Anyone who has the slightest bit of common sense and at least some knowledge of mathematics will know that this is hogwash.

The real reason for this scandalous - and for most people unaffordable - increase in premiums is that the insurance companies want to streamline their membership. Their main target is to push many older and poor people, who are more likely to need medical and hospital treatment, off their books. Thus they will become more profitable, which will please their share holders.

On the Live Line programme on RTÉ Radio 1 there were already many calls today, all from distressed and outraged Irish people, who realised that they can no longer afford their health insurance.

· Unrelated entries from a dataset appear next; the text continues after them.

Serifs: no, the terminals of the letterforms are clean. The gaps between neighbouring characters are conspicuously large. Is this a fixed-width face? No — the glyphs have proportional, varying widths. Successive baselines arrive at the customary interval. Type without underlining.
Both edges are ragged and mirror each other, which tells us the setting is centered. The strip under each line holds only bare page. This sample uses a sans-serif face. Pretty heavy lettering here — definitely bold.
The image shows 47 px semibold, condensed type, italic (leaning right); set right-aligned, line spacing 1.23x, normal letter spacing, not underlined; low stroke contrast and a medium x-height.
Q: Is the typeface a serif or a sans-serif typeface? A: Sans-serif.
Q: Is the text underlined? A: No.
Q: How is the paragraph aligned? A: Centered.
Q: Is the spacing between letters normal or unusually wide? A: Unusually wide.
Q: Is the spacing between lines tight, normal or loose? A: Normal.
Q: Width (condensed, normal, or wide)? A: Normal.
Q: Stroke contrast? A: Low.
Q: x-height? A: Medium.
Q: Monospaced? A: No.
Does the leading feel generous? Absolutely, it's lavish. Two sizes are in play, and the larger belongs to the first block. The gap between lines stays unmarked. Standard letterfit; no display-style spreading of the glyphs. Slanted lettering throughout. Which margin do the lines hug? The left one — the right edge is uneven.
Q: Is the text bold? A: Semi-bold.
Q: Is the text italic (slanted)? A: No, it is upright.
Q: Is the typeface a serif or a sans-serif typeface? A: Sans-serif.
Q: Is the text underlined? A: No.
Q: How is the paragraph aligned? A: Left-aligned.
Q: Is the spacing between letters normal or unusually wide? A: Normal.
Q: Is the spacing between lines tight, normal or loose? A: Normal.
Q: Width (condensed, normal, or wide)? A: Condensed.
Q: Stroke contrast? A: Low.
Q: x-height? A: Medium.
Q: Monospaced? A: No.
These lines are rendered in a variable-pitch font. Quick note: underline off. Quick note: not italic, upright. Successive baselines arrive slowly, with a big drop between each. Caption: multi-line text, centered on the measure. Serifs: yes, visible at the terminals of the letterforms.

Some have been cancelling their policies already today, others are in despair, not knowing what to do.

Thank you, Mary Harney, for making Ireland's health service even more American, unfair and unaffordable as it is already!

For an average family the price rise will mean about € 400 extra payment for health insurance per annum. For people on low incomes, and for recipients of ordinary state pensions, this is simply impossible.
And there are even a lot of the younger people who - now that we are in a recession - will find it extremely difficult to afford the additional payment, which is more than four times the inflation rate with VHI and three times with Quinn.

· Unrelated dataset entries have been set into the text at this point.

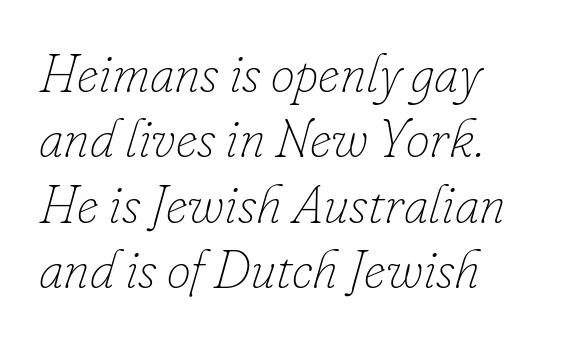
Proportional: the letters do not fall into vertical columns. Stems here are at most as thick as an everyday book face. Unmarked baselines from the first word to the last. Standard letterfit; no display-style spreading of the glyphs.
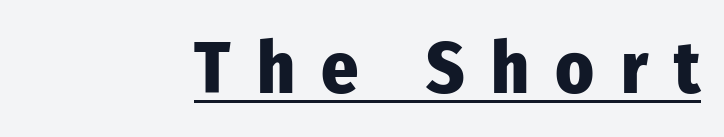
Q: Is the text bold? A: Yes.
Q: Is the text italic (slanted)? A: No, it is upright.
Q: Is the typeface a serif or a sans-serif typeface? A: Sans-serif.
Q: Is the text underlined? A: Yes.
Q: How is the paragraph aligned? A: Right-aligned.
Q: Is the spacing between letters normal or unusually wide? A: Unusually wide.
Q: Width (condensed, normal, or wide)? A: Condensed.
Q: Stroke contrast? A: Low.
Q: x-height? A: Medium.
Q: Monospaced? A: No.
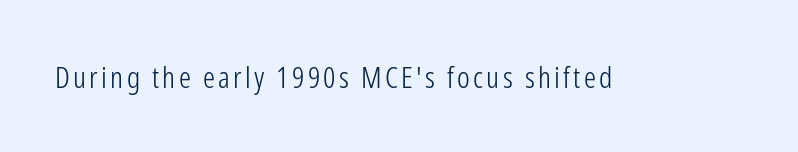
The image shows 30 px light, condensed sans-serif type, upright; set not underlined; low stroke contrast and a medium x-height.

The Minister for Health Mary Harney (left) came out today rather fast and said sheepishly that she was "very concerned about the rise", describing it as a "major burden for families".

Of course this is an immense burden for families, and for everyone who is single as well. We don't need 'Miss Piggy' to tell us so.

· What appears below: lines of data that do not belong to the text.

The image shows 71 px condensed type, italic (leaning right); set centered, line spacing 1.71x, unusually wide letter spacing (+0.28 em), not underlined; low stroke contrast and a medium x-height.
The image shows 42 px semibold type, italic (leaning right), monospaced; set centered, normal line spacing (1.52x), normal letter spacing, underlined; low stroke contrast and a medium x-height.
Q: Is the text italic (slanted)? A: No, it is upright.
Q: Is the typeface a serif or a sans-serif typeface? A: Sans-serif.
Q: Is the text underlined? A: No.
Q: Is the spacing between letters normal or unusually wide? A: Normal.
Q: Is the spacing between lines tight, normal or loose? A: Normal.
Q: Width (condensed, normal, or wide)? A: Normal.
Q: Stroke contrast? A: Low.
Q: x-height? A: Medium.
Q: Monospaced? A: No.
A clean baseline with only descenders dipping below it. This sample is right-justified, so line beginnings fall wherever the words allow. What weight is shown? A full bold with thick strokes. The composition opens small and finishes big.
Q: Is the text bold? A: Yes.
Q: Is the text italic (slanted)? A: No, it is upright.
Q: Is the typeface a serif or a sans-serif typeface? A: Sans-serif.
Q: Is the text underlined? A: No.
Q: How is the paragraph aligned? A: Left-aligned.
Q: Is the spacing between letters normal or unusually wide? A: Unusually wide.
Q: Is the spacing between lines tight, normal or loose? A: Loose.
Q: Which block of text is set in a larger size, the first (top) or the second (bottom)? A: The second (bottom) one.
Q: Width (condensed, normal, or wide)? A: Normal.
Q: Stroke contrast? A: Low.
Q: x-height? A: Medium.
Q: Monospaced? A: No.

In fact, her statement adds insult to injury, as it was Mary Harney herself who removed the ministerial regulation from the health insurers. Thus they can now raise their prices as they please, no longer controlled or restricted by the government. (Under the old rules any increase in health insurance would have to be approved by the Minister, who could object to it within 28 days after it was announced.)

Mary Harney has no concerns for the Irish people, their health and well-being, and least of all for their financial problems. She lives in the cosy cocoon of another world, perhaps even another planet. She never sees sick people and is only concerned with the ever more radical privatisation of hospitals and health services, so her friends in the private health industry can rake in ever more and ever larger profits.

On the Live Line programme today it was mentioned that an ordinary (public) general hospital in Ireland is now charging a patient the outrageous sum of € 4,300 per day, just for the bed and the little food that is served. Operations and other medical treatments are charged extra (but surprisingly often less costly than just the bed, which is there all the time anyway).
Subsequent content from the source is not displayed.